本产品为热敏型，在50℃孵育10分钟可以迅速不可逆灭活。在PCR或RT-PCR反应前，PCR或RT-PCR体系中加入Heat-labile Cod UDG室温处理5min，即可充分消除可能的之前的含有dUTP的PCR扩增产物的污染。本产品不仅适用于PCR，也适用于qPCR、RT-PCR和qRT-PCR等体系。

活性定义：One unit is the amount of enzyme required to liberate 1 nmol uracil from dU-containing DNA in one hour at 37℃.

碧云天生产的Heat-labile Cod UDG酶活性鉴定结果可参考图1。

图1.碧云天和N公司的Heat-labile Cod UDG催化酶解5µl含dU碱基的PCR扩增产物效果图。使用本产品或国外N公司的酶，在20µl体系，分别以5µl含dU碱基的PCR扩增1500bp PCR产物为底物和不同量的(0U, 0.01U, 0.02U, 0.04U, 0.2U) Heat-labile Cod UDG，在1X Heat-labile Cod UDG Buffer，37℃孵育1h，然后进行1%的琼脂糖凝胶电泳检测。如图所示，本产品与N公司相比，具有相当的酶活。M, DNA marker (D0110 DNA Ladder (0.2-12 kb, 12 bands))。

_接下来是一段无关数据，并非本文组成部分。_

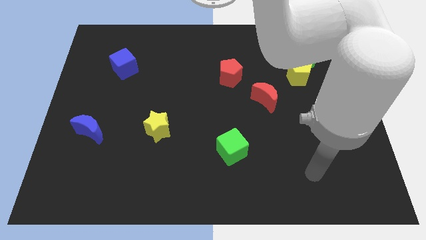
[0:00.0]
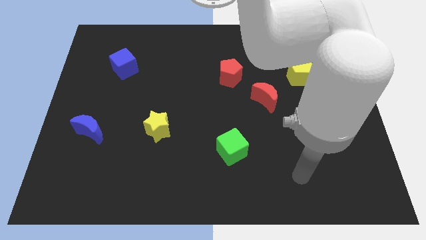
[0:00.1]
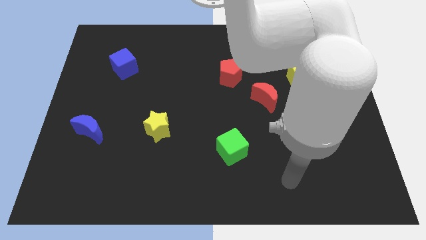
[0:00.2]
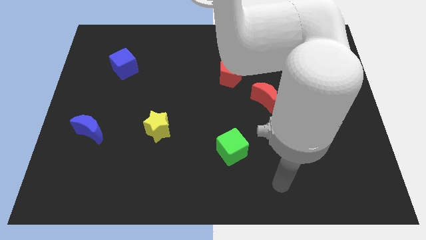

碧云天生产的 Heat-labile Cod UDG 经灭活处理后酶活鉴定结果可参考图 2。

图2.碧云天和N公司的Heat-labile Cod UDG以及碧云天生产的E. coli UDG (D7360)经50℃10min处理后，催化酶解5µl含dU碱基的PCR扩增产物效果图。将不同量的E. coli UDG (0U, 0.005U, 0.01U, 0.025U)和碧云天以及N公司不同量的Heat-labile Cod UDG (0U, 0.02U, 0.04U, 0.2U)经50℃ 10min处理之后，在20µl体系，分别以5µl含dU碱基的PCR扩增1500bp PCR产物为底物，在1X Heat-labile Cod UDG Buffer，37℃孵育1h，然后进行1%的琼脂糖凝胶电泳检测。如图所示，E. coli UDG50℃处理10min之后酶活仅轻微下降，而碧云天和N公司的Heat-labile Cod UDG均完全灭活。M, DNA marker (D0110 DNA Ladder (0.2-12 kb, 12 bands))。

来源：大肠杆菌重组、表达和纯化而获得。

纯度：不含UDG酶活力之外的内切或外切脱氧核糖核酸酶、RNase和磷酸酶活性。

用途：去除含尿嘧啶的单链或双链DNA；去除含dU的PCR产物气溶胶污染；DNA修复与突变检测；提高PCR产物的克隆效率；提高点诱变的效率；研究蛋白质-DNA相互作用。用于PCR、qPCR、RT-PCR、RT-qPCR、one-step RT-PCR体系。

酶储存溶液：50mM Tris-HCl (pH 7.5), 100mM NaCl, 0.5mM EDTA, 1mM DTT, 0.1% Triton X-100, 50% (v/v) glycerol。

10X Heat-labile Cod UDG Buffer：700mM Tris-HCl, 100mM NaCl, 10mM EDTA, 1mg/ml BSA, pH 8.0 at 25℃。

失活或抑制：50℃加热10min可以使Heat-labile Cod UDG完全失活。